I’m interested in knowing whether there were any calls to commit for longer, potentially flag a less aggressive stance, or say nothing at all, given that you also say that your decisions are data-dependent.

That was a very good question and the immediate response was this.

 I would just remind you that our decision is not the decision for March.

Having now formally told us twice that March would be 0.5% that was quite the take.Then the waffleometer was fully tested before this.

Steady pace: we increased rates by 50 basis points in December, we increased rates by 50 basis points in early February, and we intend – which is a strong word; it’s not an absolute, irrevocable, unconditional commitment, but it’s a strong word – we intend to raise by 50 basis points, and that is what was meant in December by this steady pace reference that you find, yet again, in the monetary policy statement.

Quite what a “strong word” means if she does not raise by 0.5% in March will be a subject for my financial lexicon for these times. Then she inadvertently admitted the vote was not unanimous.

very, very large consensus today

Whilst the first question was rather good the second was savage.

could one potential conclusion also be that you have already reached the peak in interest rates at that time?

That was a complete dismissal of the Forward Guidance provided by President Lagarde. Suddenly the consensus hype morphed into this.

I have to tell you that there was general agreement

Then this.

Where there was discussion and not full agreement was on the way in which we communicate it.

In response to a question pointing out markets were already ignoring her we got perhaps the most extraordinary response of all.

First of all, we are data-dependent, and we know that we are getting a projection exercise at our next March meeting, but we are also data-dependent when we look at underlying inflation elements.

As I have pointed out many times you cannot pre commit and claim to be dependent on data you do not yet know. Then even for her we got something extraordinary.

This is what we are saying when we say we ‘intend’ to, which is why the word is pretty strong.

Okay so there is doubt which immediately disappeared.

Now, in Davos I did say that we shouldn’t be doubted

In fact she then seemed to be trying to set a world record for use of the word. But we were left with two situations.One is that the previously rather supine press corps seem to have enough of her rhetoric and are exposing her failings.Second financial markets are simply ignoring her.

Forecast Failures

If we now switch to the Bank of England we can now observe another issue which is that the supposedly technocratic central bankers are not very good at one of their main roles. We can start with this.
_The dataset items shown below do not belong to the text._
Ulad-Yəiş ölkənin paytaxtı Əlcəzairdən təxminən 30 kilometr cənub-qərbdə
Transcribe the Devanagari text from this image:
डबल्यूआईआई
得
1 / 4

Although UK quarterly GDP growth in 2022 Q3 had been revised down to -0.3% in the Quarterly National Accounts, it was stronger than had been expected at the time of the November Monetary Policy Report

So they got the third quarter wrong quickly followed by a similar confession about the fourth.
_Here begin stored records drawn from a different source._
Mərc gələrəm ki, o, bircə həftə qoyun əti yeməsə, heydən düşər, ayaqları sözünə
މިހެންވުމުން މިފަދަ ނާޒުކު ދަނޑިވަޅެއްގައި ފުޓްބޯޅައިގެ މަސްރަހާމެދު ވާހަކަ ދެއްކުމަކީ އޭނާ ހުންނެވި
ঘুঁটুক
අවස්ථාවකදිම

Bank staff now expected GDP to have grown by 0.1% in 2022 Q4 as a whole, stronger than at the time of the November Report.
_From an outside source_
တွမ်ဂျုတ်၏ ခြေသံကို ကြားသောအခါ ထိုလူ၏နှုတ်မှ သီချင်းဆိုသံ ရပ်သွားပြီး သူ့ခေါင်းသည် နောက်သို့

This matters because their doom ridden forecasts were grabbed enthusiastically by the media in their role as moths to the flame. Then we get an even bigger confession of failure and the emphasis is mine.

But this is a much shallower profile for the decline in output than in the November Report, in part reflecting a reassessment of the outlook for consumption in light of the recent strength in the labour market, as well as the decline in wholesale energy prices. Four-quarter GDP growth picks up to almost 1% by the end of the projection, although growth is expected to remain well below pre-pandemic rates.

The first table shows a fall of 1% in GDP rather than the previous 2.6% which is quite a change in only three months. At that rate of progress we will have strong growth by the time we get there! By the way I do not believe that but there is an issue in that the error was much larger than the new forecast of decline. This matters on two counts and the first is how the media presents it.

This isn’t one of the main charts in the

forecasts today but it might be one of the most important. Come 2026 the UK economy will still be smaller than it was in 2019. Another seven years of lost growth. ( @EdConwaySky )

Ed is one of the better journalists but even he has started “will” about a forecast 3 years ahead by a body which has just got not only the past 3 months wrong but the three months before that.

This particularly matters because it is the central bankers who tell us that expectations are important often suggesting they matter more than actual numbers.So ironically they should be appalled by their own forecasting failures.


There is a lot to take in here but the main point is that central banks have lost control of both the narrative and the markets. The latter must be especially galling after the Trillions they spent to gain control. Although there is an irony as their enormous bond holdings had a good day. Having spent so much time majoring on expectations and guidance this leaves them in quite a mess. But what do you expect when this happens via President Lagarde.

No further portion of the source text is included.